### Task to carry out:
Reproduce the records below exactly; the images should not appear.

[Task material Boundary: Start]

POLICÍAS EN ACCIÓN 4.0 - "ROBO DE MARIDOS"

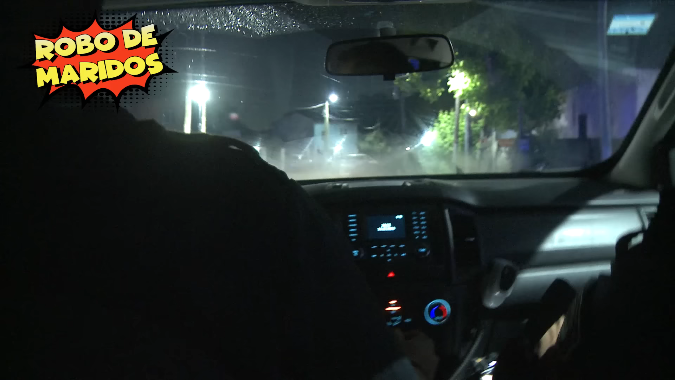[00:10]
Ahí estamos yendo a Ribereña y 839 por una confrontación vecinal de varios ciudadanos.
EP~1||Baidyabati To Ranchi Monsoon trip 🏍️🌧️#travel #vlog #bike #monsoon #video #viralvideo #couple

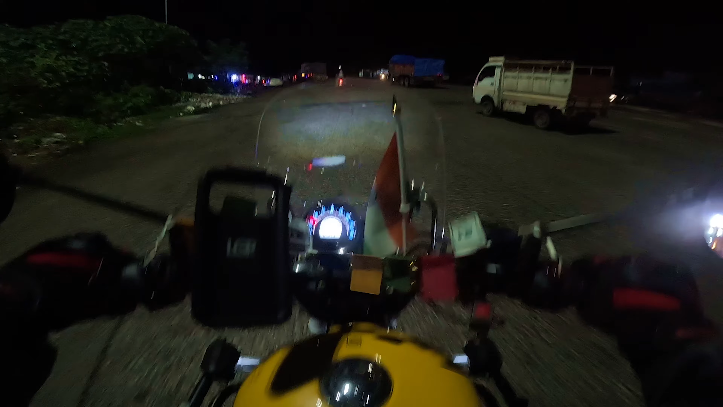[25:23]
হাজারিবাগ 105 রামগড় 57 কিলোমিটার। জল সব জায়গায় জল, বৃষ্টি এদিকে ভালোই হয়েছে।
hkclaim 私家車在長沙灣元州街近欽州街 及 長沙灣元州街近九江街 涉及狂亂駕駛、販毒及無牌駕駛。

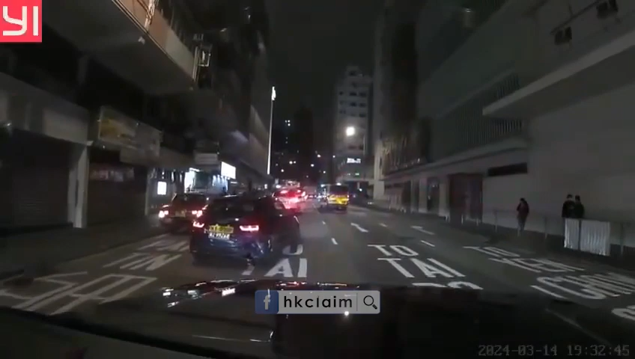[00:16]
係啊，仲佢黐住喺側邊喎，唔撞埋我度啊，大佬，好在。 唉、哎，真係要真係。 感謝天主啊！哎呀，撞到個人添啊！哎呀，真係～
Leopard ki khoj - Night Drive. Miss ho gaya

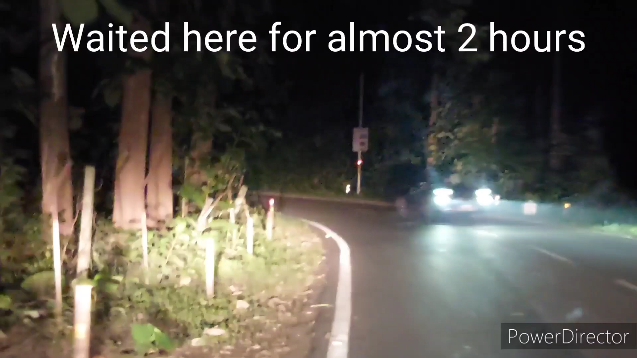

[Task material Boundary: End]

### Response to the task:
POLICÍAS EN ACCIÓN 4.0 - "ROBO DE MARIDOS"

[00:10]
Ahí estamos yendo a Ribereña y 839 por una confrontación vecinal de varios ciudadanos.
EP~1||Baidyabati To Ranchi Monsoon trip 🏍️🌧️#travel #vlog #bike #monsoon #video #viralvideo #couple

[25:23]
হাজারিবাগ 105 রামগড় 57 কিলোমিটার। জল সব জায়গায় জল, বৃষ্টি এদিকে ভালোই হয়েছে।
hkclaim 私家車在長沙灣元州街近欽州街 及 長沙灣元州街近九江街 涉及狂亂駕駛、販毒及無牌駕駛。

[00:16]
係啊，仲佢黐住喺側邊喎，唔撞埋我度啊，大佬，好在。 唉、哎，真係要真係。 感謝天主啊！哎呀，撞到個人添啊！哎呀，真係～
Leopard ki khoj - Night Drive. Miss ho gaya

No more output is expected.